“So,” I say, handing her the blueberry lemon cookie. “I found a law. A werewolf kingdom law. It states that even if unranked in their former pack, as long as a werewolf has undergone a full warrior training program, they can request a warrior challenge in any pack they transfer to, and the challenge has to be scheduled within two weeks of the request, or the alpha must automatically grant warrior status to the challenging wolf.”

She swallows hard, her eyes widening. “Are you shitting me?”

“No. I may joke about a lot of things, but not about this. This isn’t a joking matter.”

“That motherfucker,” she growls, her lips pulling into a snarl and her fist slamming onto the table. I wince and grab her hand to keep her from doing it again and destroying the furniture. I’ve gotten in trouble for doing that too many times growing up. “So, you’re telling me I could have been a Silver Ridge warrior this whole time? That I didn’t need to work my way from the bottom of the training classes to prove myself?”

“As long as you scored well during the challenge, yes. Based on what I saw today, I don’t see why you wouldn’t earn a passing score. There are a few things you can improve on, yes, but nothing major or that will take more than a few weeks of work to fix.”

“But…” She chews on her lip, then takes a deep breath and continues. “Was Maddie going easy on me today?”

“Maddie? No, she knows better than that. She may be the pack princess, but she’s never gotten away with slacking off on her training. Alpha Harrison had high standards for his children—for all of us, really.”

My thumb runs over her knuckles as I speak, and her eyes flick down to where we touch, to where the warmth and the tingles of our bond she can’t feel spread up my arm to my heart, calming my wolf who is as angry about all of this as she is. But as soon as her eyes land on our joined hands, I pull away and grab my phone out of my pocket.

“I uh—I took a picture of the law,” I say, showing it to her. “I can send it to you, if you want. That way, you can find it easier. I’m sure your pack’s library has a copy of the laws, too.”

“Thanks, that would be great,” she says, her voice breathy.
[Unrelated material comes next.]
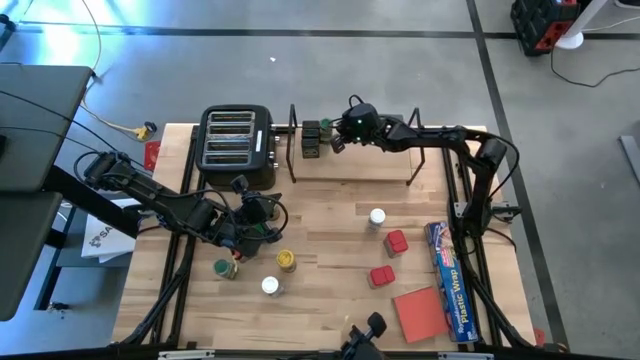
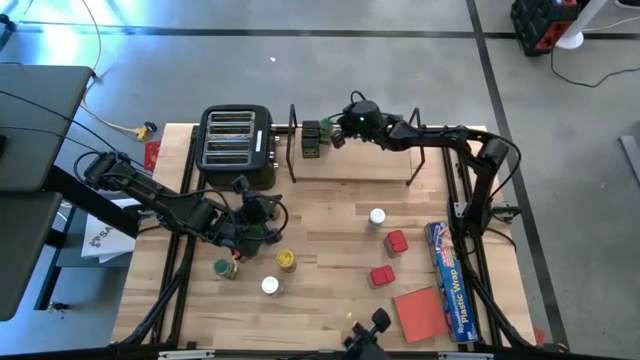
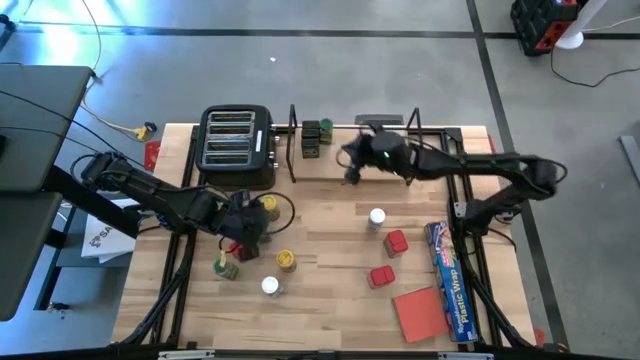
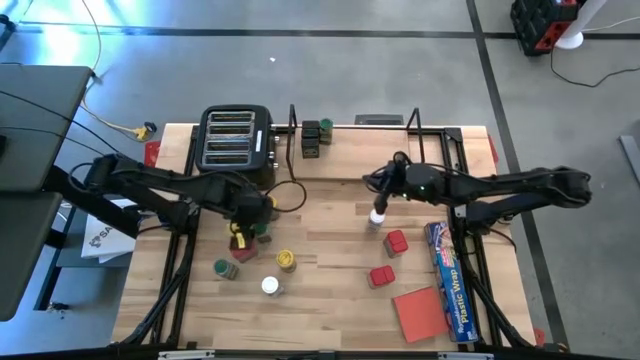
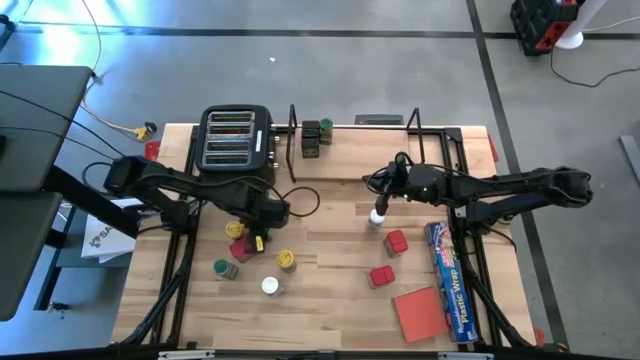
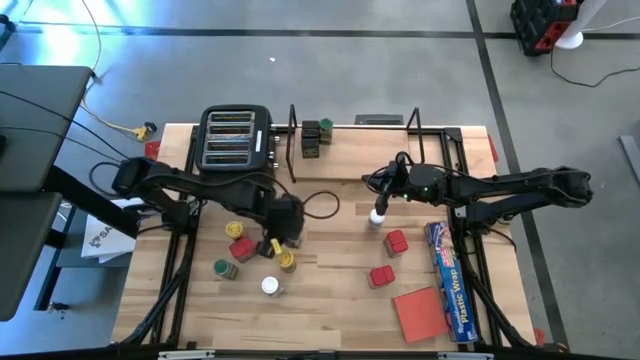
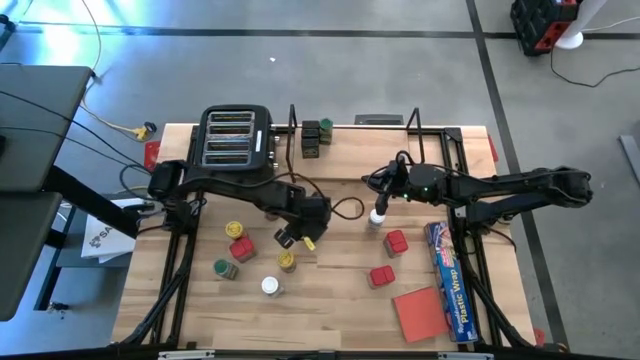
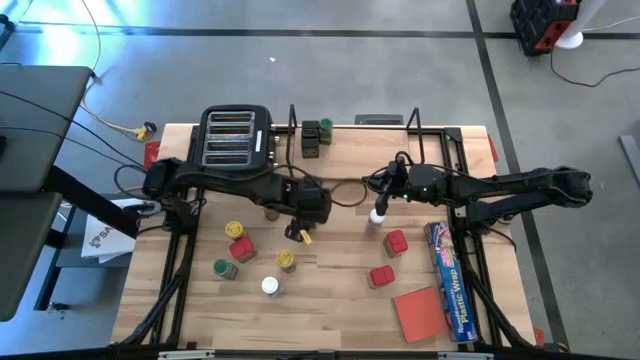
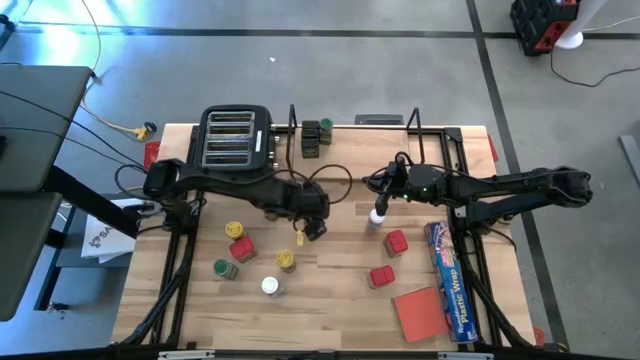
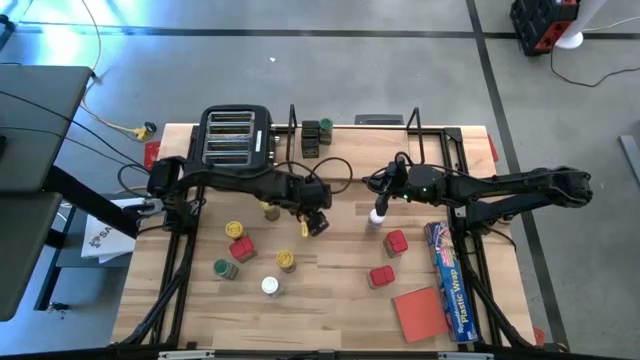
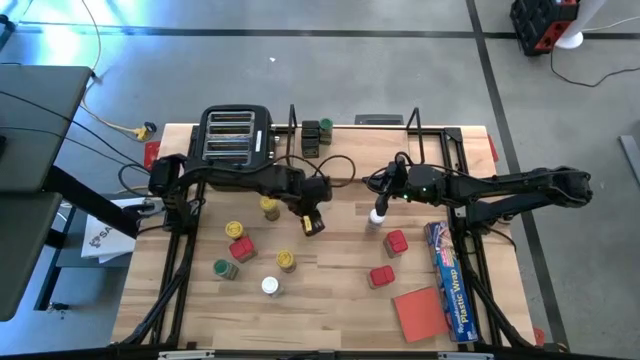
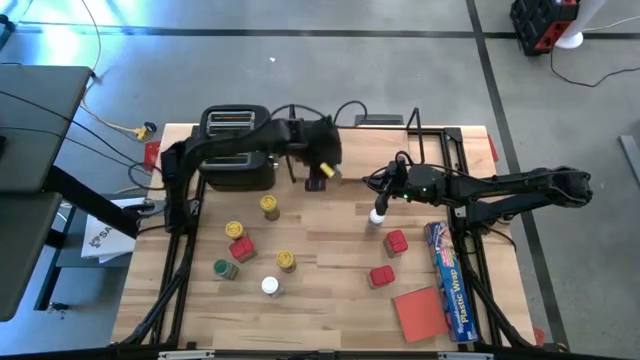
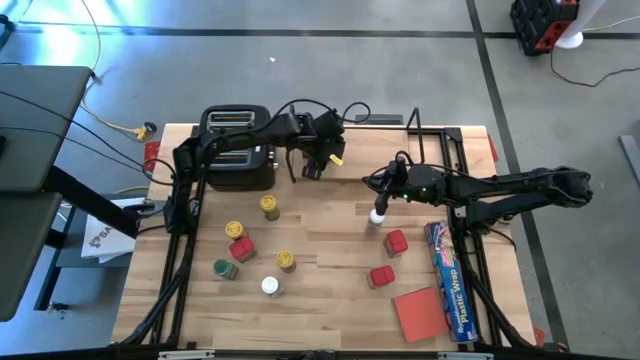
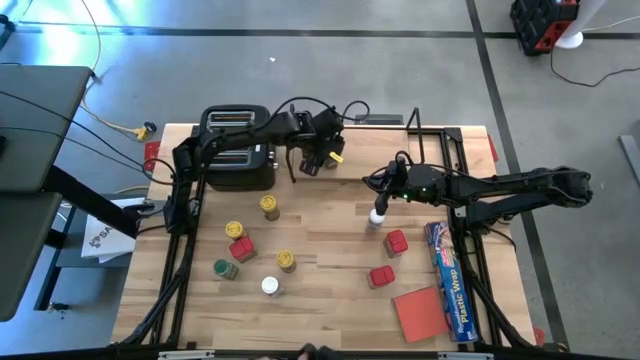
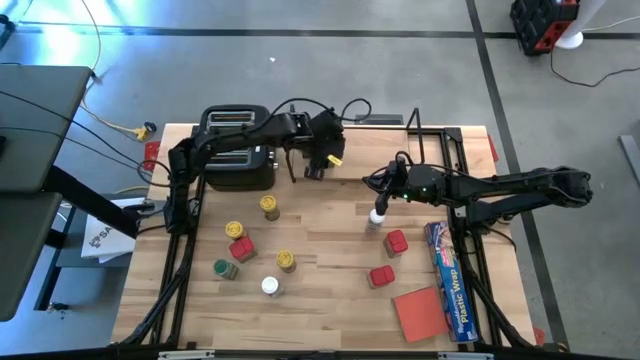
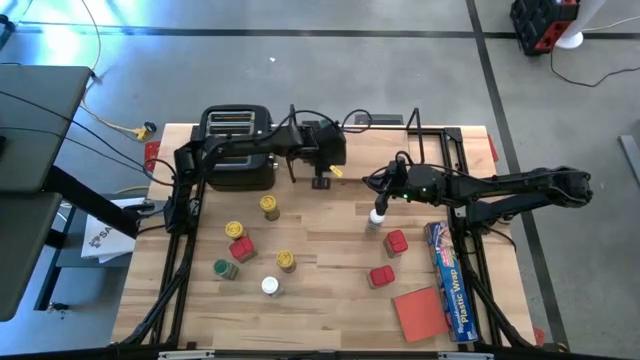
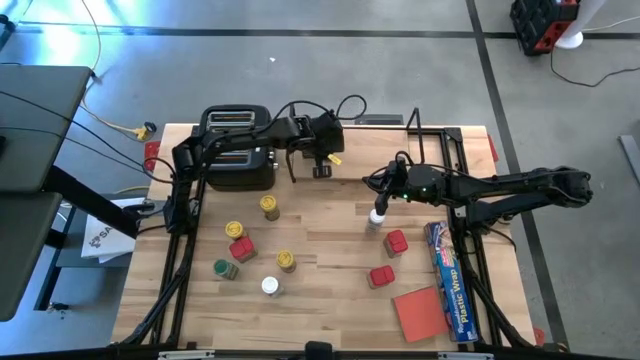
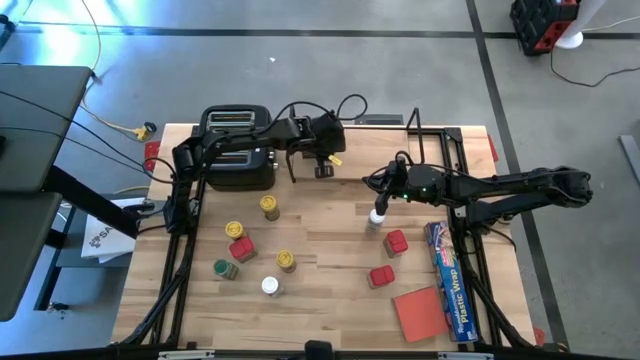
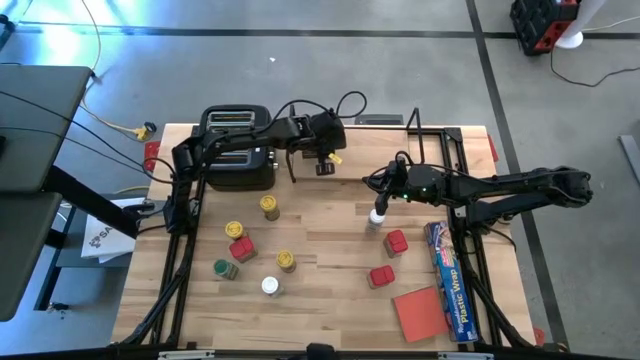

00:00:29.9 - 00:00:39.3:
Task: Shelf spices
Put the top green seasoning bottle on the shelf aligned with the other green seasoning bottle

I swallow and shoot the picture off to her in a text, then put my phone back in my pocket. She looks over it once it’s delivered, zooming in and reading through the wording of the law.

“Okay. Okay,” she says as her eyes scan it over a few times. “Okay,” she repeats one more time. “So, can we meet at the same time on Thursday?”

And just like when she text me to ask if the training offer was still on the table, I’m replying to her before I can think things through.

“That sounds perfect.”

Chapter 12

REID

OurdrivebacktoCrescent Lake is uneventful. We chat the entire time, but it is mindless—small talk about mundane things like movies, food, and music. But I’m not paying much attention to the conversation.

Instead, I’m focused on her, on her presence and her scent, on how it fills my car. I glance at her as she talks, examining her as she stares out the passenger window and watches the trees as we pass them. I’m thinking of how that sweet peony, strawberry, and peach aroma will linger in my car for days and the conflicted emotions that thought elicits in my heart, soul, and brain.

My heart beats for her. Every pulse of the organ pumping blood through my body since the moment I realized she was mine has been for her. Not because I want it to be but because that is what the mate bond does. Turns wolves into saps.

And my soul—my soul longs for her. Both the wolf part and the human part.

But my brain? My brain is the one part of me that is sane. The one part remaining logical. The one part that understands and remembers why I can not give in and have her.

Even with all of that, even with that knowledge, I am debating if I should use my car as much as possible over the next few days until Thursday, so I can smell her scent whenever I want. Or if I should leave it alone, leave it so the scent remains trapped inside and as strong as possible for as long as possible.

Before I know it, we pull back up to the packhouse, and I park my Mustang next to her blue Subaru. She’s leaving, heading back to her pack. But that thought has my heart clenching and my wolf howling. My hands rub the steering wheel, and I take one more deep breath of her scent.

For my wolf. Only for my wolf. That is the only reason I need to hold on to that scent.

“I really do appreciate you doing all of this for me,” she says, staying in her seat and keeping the seatbelt on.

Maybe I’m not the only one reluctant to separate. Or maybe I am projecting my hesitancy and inner turmoil onto her.

“It’s really not a big deal,” I say. “I am more than happy to help.”

Especially since it means I get to spend time with you. Get close to you. Touch you.

Fuck, I need to pull it together.

“I know, but I’m not from your pack, and you’re going out of your way to help me. Taking time out of your day to train me, doing research for me.”